AI Model GPT-4 Announced By OpenAI Claims To Perform Better Than 90% Of Test Takers On The SAT

March 14, 2023

minute read

There is a new version of OpenAI's primary large language model, GPT-4, that it announced on Tuesday, and it says it demonstrates "human-level performance" on many of the professional tests that it has conducted.

‍

Compared to previous versions of ChatGPT, ChatGPT-4 is a much "larger" version in terms of the amount of data trained on and the weights in the model file, which makes it more expensive to run.

‍

It is believed that many of the recent advances in artificial intelligence are due to the running of ever-larger models on thousands of supercomputers in training processes that can cost tens of millions of dollars per model, according to many researchers. In order to achieve better results, GPT-4 is an example of an approach aimed at "scaling up" to achieve better results.

‍

OpenAI said it used Microsoft

‍

Azure will be used to train the model; Microsoft has invested billions in the startup. Citing "the competitive landscape," OpenAI did not disclose the specific model size or hardware used to train it.

‍

Many of the artificial intelligence demos that have impressed people in the technology industry have been powered by OpenAI's GPT large language model in the past six months, including Bing's AI chat and ChatGPT, and the latest version is a preview of new advancements that will eventually reach consumer products like chatbots.
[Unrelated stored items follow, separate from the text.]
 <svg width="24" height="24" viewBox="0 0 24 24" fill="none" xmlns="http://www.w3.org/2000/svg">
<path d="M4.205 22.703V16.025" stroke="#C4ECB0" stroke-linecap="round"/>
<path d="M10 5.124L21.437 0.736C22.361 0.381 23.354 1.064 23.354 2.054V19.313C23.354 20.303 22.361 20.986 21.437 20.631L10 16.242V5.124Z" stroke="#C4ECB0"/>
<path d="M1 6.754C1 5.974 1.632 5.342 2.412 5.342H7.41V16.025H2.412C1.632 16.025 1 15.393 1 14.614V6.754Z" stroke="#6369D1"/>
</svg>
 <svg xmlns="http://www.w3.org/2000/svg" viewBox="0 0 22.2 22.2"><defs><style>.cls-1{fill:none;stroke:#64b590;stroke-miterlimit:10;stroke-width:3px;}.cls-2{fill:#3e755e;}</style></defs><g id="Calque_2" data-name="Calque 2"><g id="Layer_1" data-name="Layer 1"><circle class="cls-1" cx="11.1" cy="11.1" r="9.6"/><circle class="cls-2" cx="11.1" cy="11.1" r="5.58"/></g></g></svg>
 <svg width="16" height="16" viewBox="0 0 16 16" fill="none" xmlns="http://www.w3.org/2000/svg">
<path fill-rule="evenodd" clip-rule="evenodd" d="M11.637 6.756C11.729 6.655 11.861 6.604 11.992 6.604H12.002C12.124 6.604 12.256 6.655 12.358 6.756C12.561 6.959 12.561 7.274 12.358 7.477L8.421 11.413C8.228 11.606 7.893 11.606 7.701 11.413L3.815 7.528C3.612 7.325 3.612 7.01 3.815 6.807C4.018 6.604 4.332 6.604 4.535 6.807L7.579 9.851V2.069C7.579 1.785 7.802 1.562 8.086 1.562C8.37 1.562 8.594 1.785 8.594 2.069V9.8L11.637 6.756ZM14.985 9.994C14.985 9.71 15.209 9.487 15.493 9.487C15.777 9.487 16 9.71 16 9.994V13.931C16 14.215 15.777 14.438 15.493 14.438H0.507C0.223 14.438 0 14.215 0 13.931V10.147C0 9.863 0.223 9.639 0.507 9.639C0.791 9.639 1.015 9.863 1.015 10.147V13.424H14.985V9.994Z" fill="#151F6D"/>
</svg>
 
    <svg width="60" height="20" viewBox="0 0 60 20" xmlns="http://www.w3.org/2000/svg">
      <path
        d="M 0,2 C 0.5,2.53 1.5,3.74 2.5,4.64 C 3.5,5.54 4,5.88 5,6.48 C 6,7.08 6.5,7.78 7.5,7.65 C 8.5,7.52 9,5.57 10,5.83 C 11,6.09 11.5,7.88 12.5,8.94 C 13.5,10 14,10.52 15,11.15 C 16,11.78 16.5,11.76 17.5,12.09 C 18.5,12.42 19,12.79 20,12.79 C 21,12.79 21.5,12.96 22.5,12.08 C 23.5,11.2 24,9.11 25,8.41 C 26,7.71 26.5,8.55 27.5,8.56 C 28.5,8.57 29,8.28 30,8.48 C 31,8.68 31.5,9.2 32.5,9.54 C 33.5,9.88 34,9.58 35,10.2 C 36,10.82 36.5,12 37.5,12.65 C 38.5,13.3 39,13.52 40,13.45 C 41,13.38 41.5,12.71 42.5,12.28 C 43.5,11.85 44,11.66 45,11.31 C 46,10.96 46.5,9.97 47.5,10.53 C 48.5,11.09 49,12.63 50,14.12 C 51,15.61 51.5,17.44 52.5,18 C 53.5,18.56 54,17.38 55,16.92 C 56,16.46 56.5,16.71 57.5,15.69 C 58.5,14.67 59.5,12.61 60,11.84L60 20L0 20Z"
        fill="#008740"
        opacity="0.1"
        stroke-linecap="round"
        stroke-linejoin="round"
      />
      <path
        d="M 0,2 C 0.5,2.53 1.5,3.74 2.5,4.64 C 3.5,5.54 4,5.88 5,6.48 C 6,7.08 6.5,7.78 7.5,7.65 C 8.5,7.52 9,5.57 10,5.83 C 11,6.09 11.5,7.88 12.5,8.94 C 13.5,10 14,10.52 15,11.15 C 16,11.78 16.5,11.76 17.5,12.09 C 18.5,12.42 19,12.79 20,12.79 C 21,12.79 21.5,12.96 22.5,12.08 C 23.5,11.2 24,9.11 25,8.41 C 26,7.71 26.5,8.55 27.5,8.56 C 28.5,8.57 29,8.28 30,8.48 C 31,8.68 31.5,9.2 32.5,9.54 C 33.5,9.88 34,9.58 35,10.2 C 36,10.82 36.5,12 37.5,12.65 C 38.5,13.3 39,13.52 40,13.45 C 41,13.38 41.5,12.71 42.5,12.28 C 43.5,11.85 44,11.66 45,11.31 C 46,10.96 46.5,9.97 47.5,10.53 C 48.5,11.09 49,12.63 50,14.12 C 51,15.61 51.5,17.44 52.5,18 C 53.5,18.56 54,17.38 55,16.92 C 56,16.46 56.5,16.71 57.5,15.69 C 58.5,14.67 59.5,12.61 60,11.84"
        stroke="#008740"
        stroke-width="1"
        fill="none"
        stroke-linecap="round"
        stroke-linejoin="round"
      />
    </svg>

The AI chatbot for Bing uses GPT-4, Microsoft said Tuesday.

‍

With the new model, OpenAI claims it will produce fewer factually incorrect answers, go off topic less often, and even perform better on standardized tests than humans.

‍

The GPT-4 was said to have performed at the 90th percentile on a simulated bar exam, the 93rd percentile on an SAT reading test, and the 89th percentile on the SAT math test, according to OpenAI.

‍

Nevertheless, OpenAI warns that the new software is not perfect yet and that it is capable of performing poorly in many scenarios when compared to humans. The company says the program still has a major problem with "hallucination," or making things up that aren't based on facts, and is not factually reliable. There is still a tendency for it to insist that it is correct even when it is incorrect.

‍

“We are still working on correcting many of the known limitations of GPT-4, including social biases, hallucinations, and adversarial prompts, as well as many other issues,” the company said in a blog post.

‍

“There is often a subtle difference between GPT-3.5 and GPT-4 in a casual conversation. "GPT-4 is more reliable, creative, and is able to handle much more nuanced instructions than GPT-3.5 when the complexity of the task reaches a certain threshold - it is more reliable, creative, and will handle much more complex instructions than GPT-3.5," wrote OpenAI in a blog post.

‍

It is expected that the new model will be available to paid subscribers of ChatGPT, as well as being made available as part of an API that enables programmers to integrate AI into their applications. There will be a charge of approximately 3 cents per word for about 750 words of prompts and 6 cents per word for approximately 750 words of responses from OpenAI.